The discipline of sociology has always tackled the big questions, be it climate change, war, poverty, and intersectional social inequalities,” she stated.

Desai describes herself as a “hybrid child of three different cultures” having spent equal quantities of time in India, the US and UK.
She grew up in India and the US earlier than transferring to Britain.

She accomplished her PhD in Sociology from the University of California, Los Angeles, the place she educated as a Comparative and Historical Sociologist.

Her work, which has a robust India focus, encompasses the areas of events and political articulation, social actions, ethnic and gendered violence, and post-colonial research.

Her present analysis, as Principal Investigator on the GendV Project funded by the ESRC/GCRF Large Grant of GBP 1.76 million, is a comparative qualitative work titled ‘Gendered Violence and Urban Transformation in India and South Africa’.

“Our aim is to historicise and contextualise this violence, and examine violence as something that appears to connect the most intimate of affective relations with changes that are happening in the wider world,” she explains.

Desai has additionally spoken out about the necessity to tackle points associated to colonialism and going through as much as historic occasions.

“In Britain there’s a massive reluctance to address the colonial past and issues such as racism and anti-immigration are often justified by such myopia.
At the same time, paradoxically, imperial nostalgia emerges in all sorts of places,” she stated, indicating that decolonisation will stay an essential facet of her work as Head of the Sociology Department.

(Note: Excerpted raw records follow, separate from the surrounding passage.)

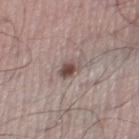follow-up — no biopsy performed (imaged during a skin exam)
TBP lesion metrics — a lesion area of about 4 mm², a shape eccentricity near 0.65, and a symmetry-axis asymmetry near 0.25; a mean CIELAB color near L≈48 a*≈16 b*≈20, a lesion–skin lightness drop of about 13, and a lesion-to-skin contrast of about 9 (normalized; higher = more distinct); a border-irregularity rating of about 2.5/10, a within-lesion color-variation index near 3.5/10, and a peripheral color-asymmetry measure near 1; a nevus-likeness score of about 95/100 and a lesion-detection confidence of about 100/100
image source — ~15 mm crop, total-body skin-cancer survey
site — the right lower leg
patient — male, aged approximately 40
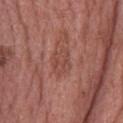workup=no biopsy performed (imaged during a skin exam) | diameter=~3 mm (longest diameter) | image=~15 mm tile from a whole-body skin photo | automated lesion analysis=an area of roughly 5 mm², an eccentricity of roughly 0.8, and two-axis asymmetry of about 0.25; about 6 CIELAB-L* units darker than the surrounding skin and a normalized lesion–skin contrast near 4.5; internal color variation of about 2 on a 0–10 scale and radial color variation of about 1; lesion-presence confidence of about 90/100 | body site=the head or neck | lighting=white-light | subject=female, aged approximately 60.
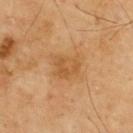biopsy_status: not biopsied; imaged during a skin examination
lesion_size:
  long_diameter_mm_approx: 4.0
patient:
  sex: male
  age_approx: 70
lighting: cross-polarized
image:
  source: total-body photography crop
  field_of_view_mm: 15
site: upper back
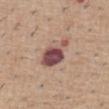Acquisition and patient details: The lesion is located on the abdomen. A male patient aged 58–62. A lesion tile, about 15 mm wide, cut from a 3D total-body photograph. Measured at roughly 4 mm in maximum diameter. Imaged with white-light lighting.
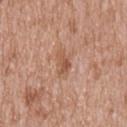  biopsy_status: not biopsied; imaged during a skin examination
  image:
    source: total-body photography crop
    field_of_view_mm: 15
  site: mid back
  patient:
    sex: male
    age_approx: 65
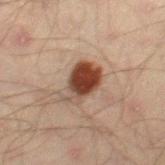Part of a total-body skin-imaging series; this lesion was reviewed on a skin check and was not flagged for biopsy.
A 15 mm crop from a total-body photograph taken for skin-cancer surveillance.
A male subject, aged 43–47.
The tile uses cross-polarized illumination.
From the right thigh.
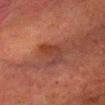This lesion was catalogued during total-body skin photography and was not selected for biopsy. The lesion-visualizer software estimated an area of roughly 6 mm², a shape eccentricity near 0.5, and two-axis asymmetry of about 0.45. The analysis additionally found an average lesion color of about L≈31 a*≈22 b*≈23 (CIELAB), roughly 6 lightness units darker than nearby skin, and a lesion-to-skin contrast of about 6 (normalized; higher = more distinct). The software also gave an automated nevus-likeness rating near 0 out of 100 and a detector confidence of about 50 out of 100 that the crop contains a lesion. About 3 mm across. The subject is a male in their 50s. On the head or neck. Cropped from a whole-body photographic skin survey; the tile spans about 15 mm.
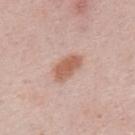biopsy_status: not biopsied; imaged during a skin examination
lighting: white-light
patient:
  sex: male
  age_approx: 25
site: upper back
lesion_size:
  long_diameter_mm_approx: 4.0
image:
  source: total-body photography crop
  field_of_view_mm: 15
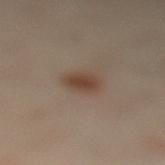Notes:
• notes: imaged on a skin check; not biopsied
• subject: female, aged 58 to 62
• body site: the right leg
• acquisition: ~15 mm crop, total-body skin-cancer survey
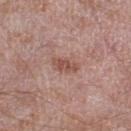Impression:
Imaged during a routine full-body skin examination; the lesion was not biopsied and no histopathology is available.
Acquisition and patient details:
A male patient in their mid-60s. A lesion tile, about 15 mm wide, cut from a 3D total-body photograph. Captured under white-light illumination. Longest diameter approximately 3 mm. The lesion is on the left lower leg.
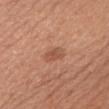Clinical impression:
The lesion was photographed on a routine skin check and not biopsied; there is no pathology result.
Background:
A 15 mm close-up extracted from a 3D total-body photography capture. The total-body-photography lesion software estimated border irregularity of about 2.5 on a 0–10 scale and peripheral color asymmetry of about 1. The analysis additionally found a nevus-likeness score of about 50/100 and lesion-presence confidence of about 100/100. A female patient in their mid-50s. The lesion is located on the head or neck.
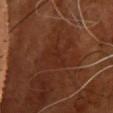This lesion was catalogued during total-body skin photography and was not selected for biopsy. The lesion is on the chest. Cropped from a whole-body photographic skin survey; the tile spans about 15 mm. A male patient approximately 65 years of age. An algorithmic analysis of the crop reported a border-irregularity rating of about 5.5/10 and a peripheral color-asymmetry measure near 0.5. The analysis additionally found a nevus-likeness score of about 10/100 and a lesion-detection confidence of about 85/100.
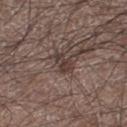{"biopsy_status": "not biopsied; imaged during a skin examination", "lesion_size": {"long_diameter_mm_approx": 3.0}, "lighting": "white-light", "patient": {"sex": "male", "age_approx": 65}, "site": "leg", "image": {"source": "total-body photography crop", "field_of_view_mm": 15}}
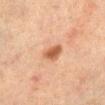Captured during whole-body skin photography for melanoma surveillance; the lesion was not biopsied.
A female patient, in their mid- to late 50s.
On the leg.
A 15 mm close-up tile from a total-body photography series done for melanoma screening.

“This has been a priority for the Sociology Department: we set up a working group with both staff and students in 2017 and it’s been pushing for changes, not just in our curriculum but also in terms of the pedagogy we use,” she stated.

Desai’s first ebook, ‘State Formation and Radical Democracy in India, 1860-1990’, was a historic evaluation of the emergence of two completely different welfare regimes in India and he or she has additionally co-edited different books and printed her analysis in a number of main journals.

In her new function, she hopes to steer the Sociology Department on the college to proceed to contribute to academic debates and journals and in addition to exit into the world and make an affect on public coverage and up to date debates.